[Items from a dataset]
-- -- --

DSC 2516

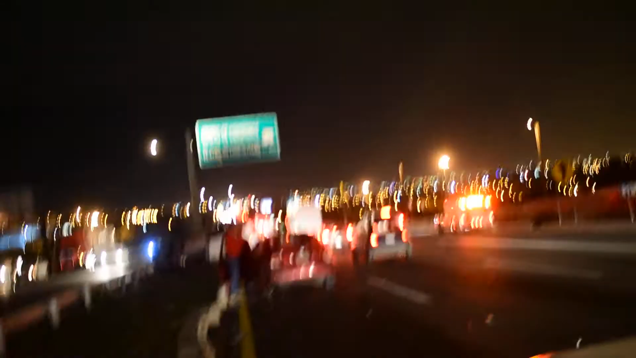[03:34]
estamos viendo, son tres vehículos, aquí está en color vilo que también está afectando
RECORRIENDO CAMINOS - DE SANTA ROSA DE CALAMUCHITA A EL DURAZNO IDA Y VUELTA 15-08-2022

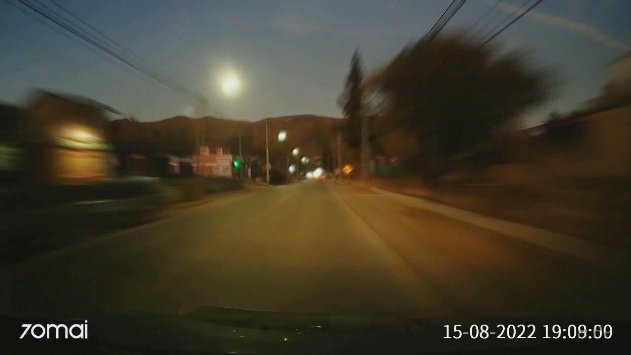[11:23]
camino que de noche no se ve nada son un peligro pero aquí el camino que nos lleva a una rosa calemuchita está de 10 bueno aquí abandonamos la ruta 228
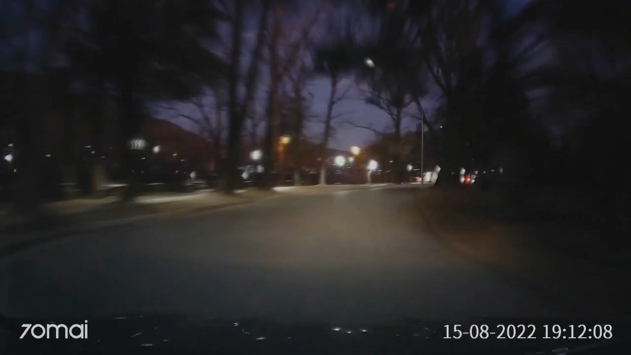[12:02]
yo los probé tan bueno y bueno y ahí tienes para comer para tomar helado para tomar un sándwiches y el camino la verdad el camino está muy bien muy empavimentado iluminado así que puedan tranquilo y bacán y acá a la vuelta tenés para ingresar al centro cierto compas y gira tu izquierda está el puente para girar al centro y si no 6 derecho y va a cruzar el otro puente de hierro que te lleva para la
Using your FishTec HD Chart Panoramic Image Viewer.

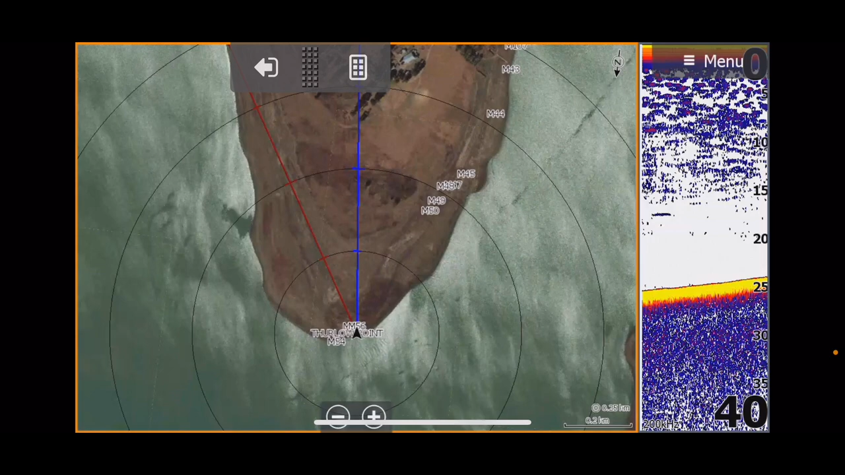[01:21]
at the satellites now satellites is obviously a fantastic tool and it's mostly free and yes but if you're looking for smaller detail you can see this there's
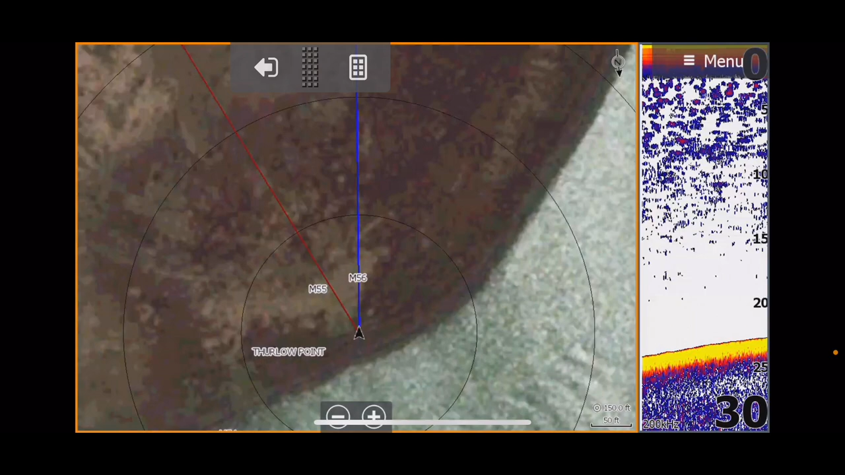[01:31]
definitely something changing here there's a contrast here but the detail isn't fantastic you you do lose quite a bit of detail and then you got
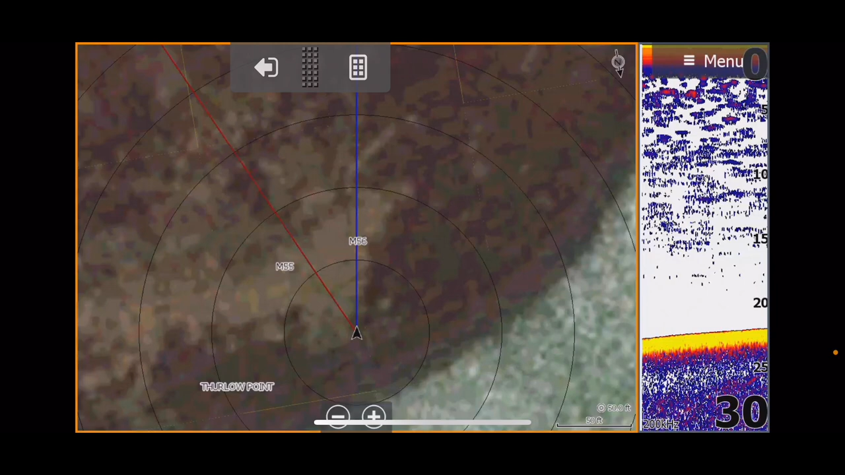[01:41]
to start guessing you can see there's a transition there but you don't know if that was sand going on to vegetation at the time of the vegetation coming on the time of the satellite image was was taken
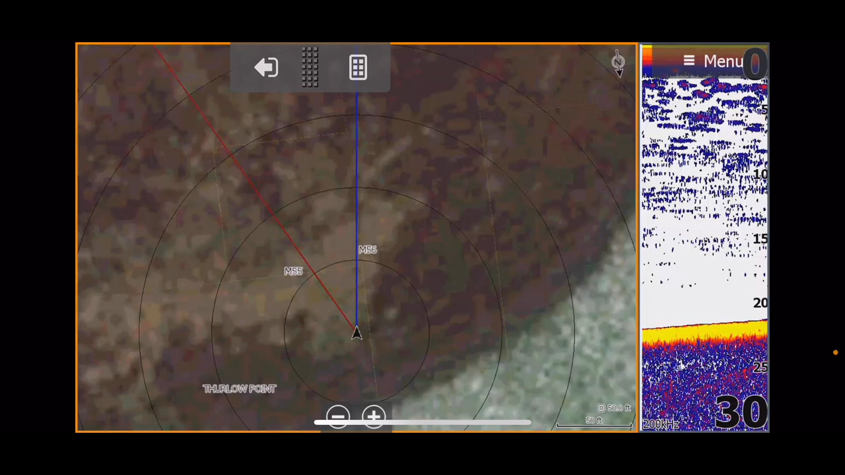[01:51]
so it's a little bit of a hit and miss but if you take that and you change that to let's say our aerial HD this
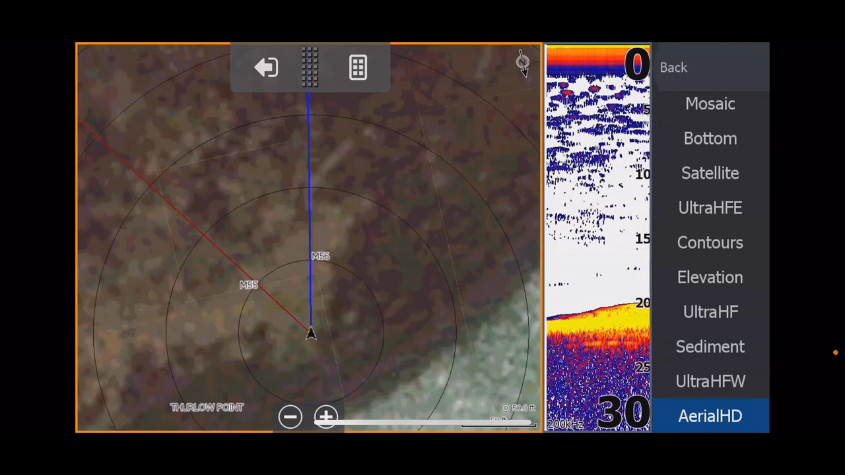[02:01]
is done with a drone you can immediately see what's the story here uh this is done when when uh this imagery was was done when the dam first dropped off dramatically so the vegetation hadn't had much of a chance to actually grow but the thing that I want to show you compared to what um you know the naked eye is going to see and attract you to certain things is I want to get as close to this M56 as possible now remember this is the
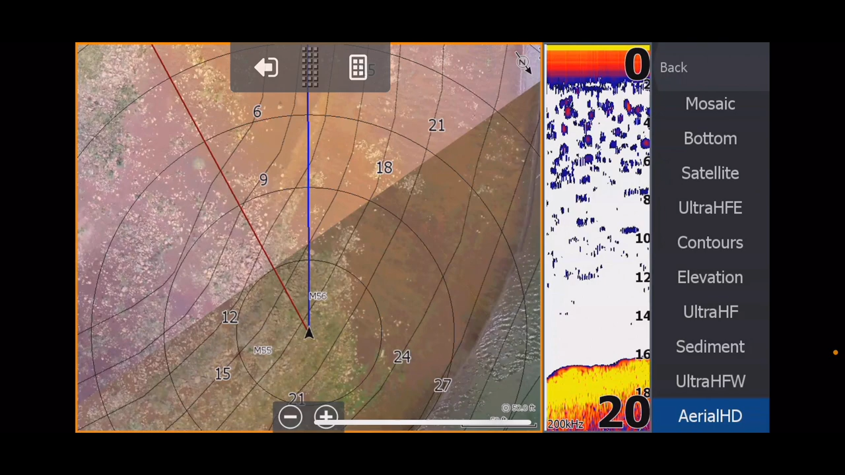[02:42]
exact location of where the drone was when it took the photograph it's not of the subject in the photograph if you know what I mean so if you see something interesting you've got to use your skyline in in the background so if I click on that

-- -- --

WHAT YOU NEED TO DO:
Render the records above word for word and leave the pictures out.

SOLUTION TO THIS TASK:
DSC 2516

[03:34]
estamos viendo, son tres vehículos, aquí está en color vilo que también está afectando
RECORRIENDO CAMINOS - DE SANTA ROSA DE CALAMUCHITA A EL DURAZNO IDA Y VUELTA 15-08-2022

[11:23]
camino que de noche no se ve nada son un peligro pero aquí el camino que nos lleva a una rosa calemuchita está de 10 bueno aquí abandonamos la ruta 228
[12:02]
yo los probé tan bueno y bueno y ahí tienes para comer para tomar helado para tomar un sándwiches y el camino la verdad el camino está muy bien muy empavimentado iluminado así que puedan tranquilo y bacán y acá a la vuelta tenés para ingresar al centro cierto compas y gira tu izquierda está el puente para girar al centro y si no 6 derecho y va a cruzar el otro puente de hierro que te lleva para la
Using your FishTec HD Chart Panoramic Image Viewer.

[01:21]
at the satellites now satellites is obviously a fantastic tool and it's mostly free and yes but if you're looking for smaller detail you can see this there's
[01:31]
definitely something changing here there's a contrast here but the detail isn't fantastic you you do lose quite a bit of detail and then you got
[01:41]
to start guessing you can see there's a transition there but you don't know if that was sand going on to vegetation at the time of the vegetation coming on the time of the satellite image was was taken
[01:51]
so it's a little bit of a hit and miss but if you take that and you change that to let's say our aerial HD this
[02:01]
is done with a drone you can immediately see what's the story here uh this is done when when uh this imagery was was done when the dam first dropped off dramatically so the vegetation hadn't had much of a chance to actually grow but the thing that I want to show you compared to what um you know the naked eye is going to see and attract you to certain things is I want to get as close to this M56 as possible now remember this is the
[02:42]
exact location of where the drone was when it took the photograph it's not of the subject in the photograph if you know what I mean so if you see something interesting you've got to use your skyline in in the background so if I click on that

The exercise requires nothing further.